- [Required work]:
Across the following data, how many lines include the string "text"? Reply with the number and nothing more.

- [Entries taken from a collection]:

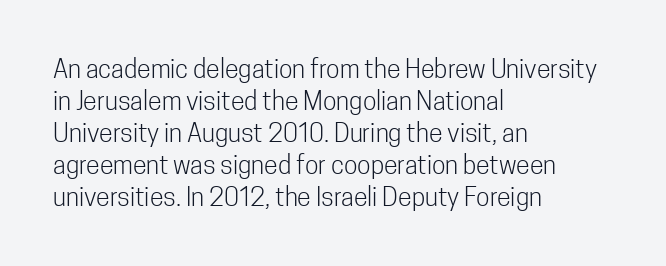
{"italic": "no", "bold": "no", "underline": "no", "align": "left", "line_spacing": "normal", "line_spacing_ratio": 1.28, "letter_spacing": "normal", "letter_spacing_em": 0.0, "glyph_px": 25}
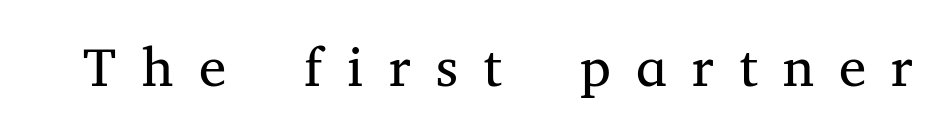
The image shows 55 px regular-weight serif type, upright; set unusually wide letter spacing (+0.46 em), not underlined; medium stroke contrast and a medium x-height.
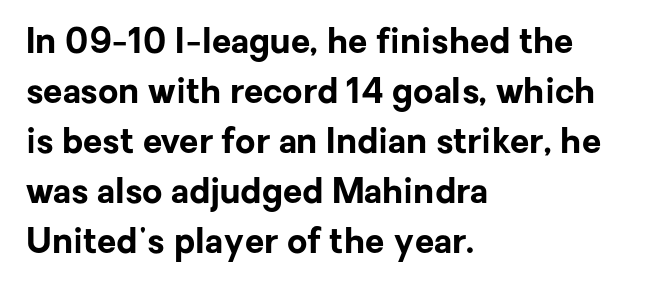
{"serif": "no", "italic": "no", "bold": "yes", "weight": "bold", "width": "normal", "stroke_contrast": "low", "x_height": "medium", "monospaced": "no", "underline": "no", "align": "left", "line_spacing": "normal", "line_spacing_ratio": 1.43, "letter_spacing": "normal", "letter_spacing_em": 0.0, "glyph_px": 35}
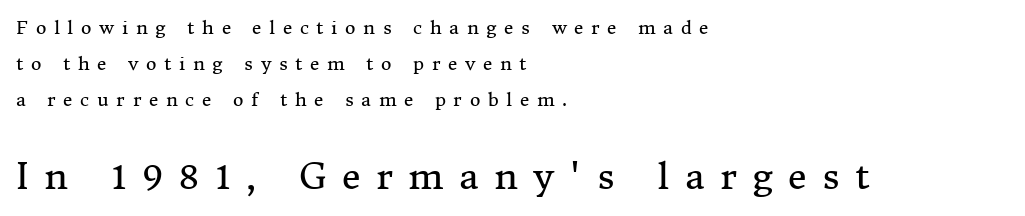
The image shows 36 px regular-weight serif type, upright; set left-aligned, loose line spacing (2.01x), unusually wide letter spacing (+0.43 em), not underlined; the second (bottom) block is 2.0x larger; medium stroke contrast and a medium x-height.
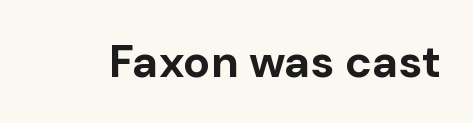
The image shows 45 px bold sans-serif type, upright; set normal letter spacing, not underlined; low stroke contrast and a medium x-height.
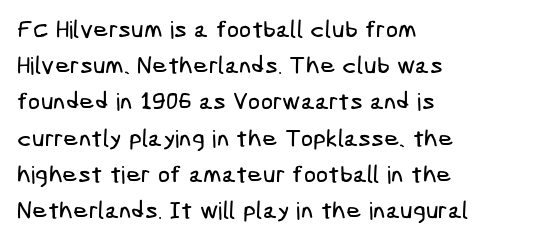
The image shows 24 px text type; set left-aligned, normal line spacing (1.51x), normal letter spacing, not underlined.
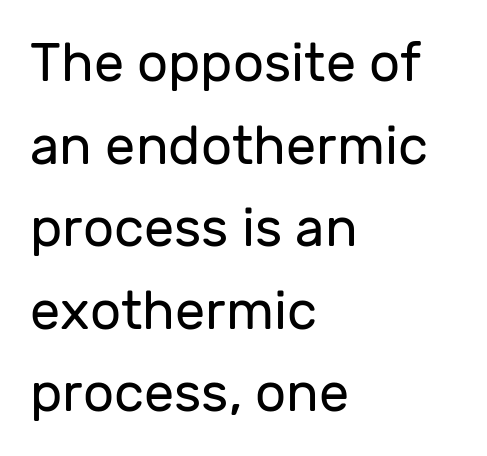
{"serif": "no", "italic": "no", "bold": "no", "weight": "regular", "width": "normal", "stroke_contrast": "low", "x_height": "medium", "monospaced": "no", "underline": "no", "align": "left", "line_spacing": "normal", "line_spacing_ratio": 1.53, "letter_spacing": "normal", "letter_spacing_em": 0.0, "glyph_px": 54}
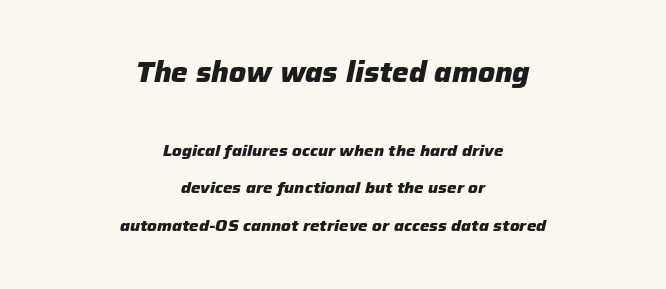
{"italic": "yes", "lean": "right", "slant_degrees": 12, "bold": "yes", "weight": "heavy", "width": "normal", "stroke_contrast": "low", "x_height": "medium", "monospaced": "no", "underline": "no", "align": "center", "line_spacing": "loose", "line_spacing_ratio": 2.32, "letter_spacing": "normal", "letter_spacing_em": 0.0, "larger_block": "first", "size_ratio": 1.75, "glyph_px": 28}
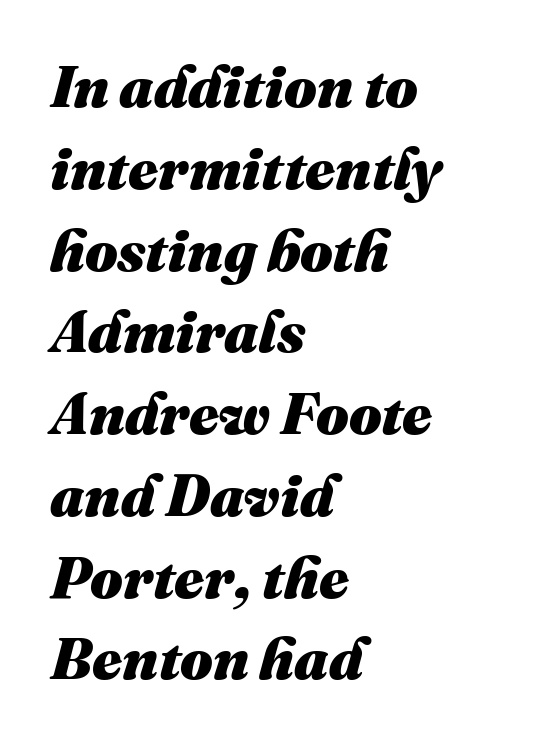
The image shows 58 px heavy type, italic (leaning right); set left-aligned, normal line spacing (1.41x), normal letter spacing, not underlined; medium stroke contrast and a medium x-height.
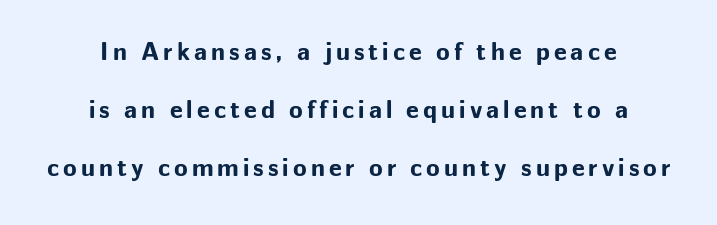
Q: Is the text bold? A: Yes.
Q: Is the text italic (slanted)? A: No, it is upright.
Q: Is the text underlined? A: No.
Q: How is the paragraph aligned? A: Centered.
Q: Is the spacing between lines tight, normal or loose? A: Loose.
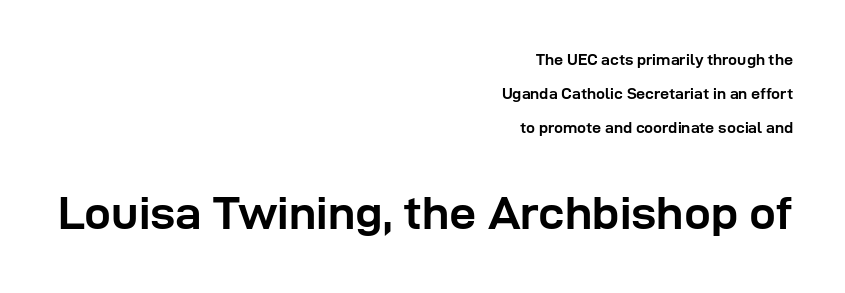
{"serif": "no", "italic": "no", "bold": "yes", "weight": "semibold", "width": "normal", "stroke_contrast": "low", "x_height": "medium", "monospaced": "no", "underline": "no", "align": "right", "line_spacing": "loose", "line_spacing_ratio": 2.11, "letter_spacing": "normal", "letter_spacing_em": 0.0, "larger_block": "second", "size_ratio": 3.0, "glyph_px": 48}

- [Output of the task]:
4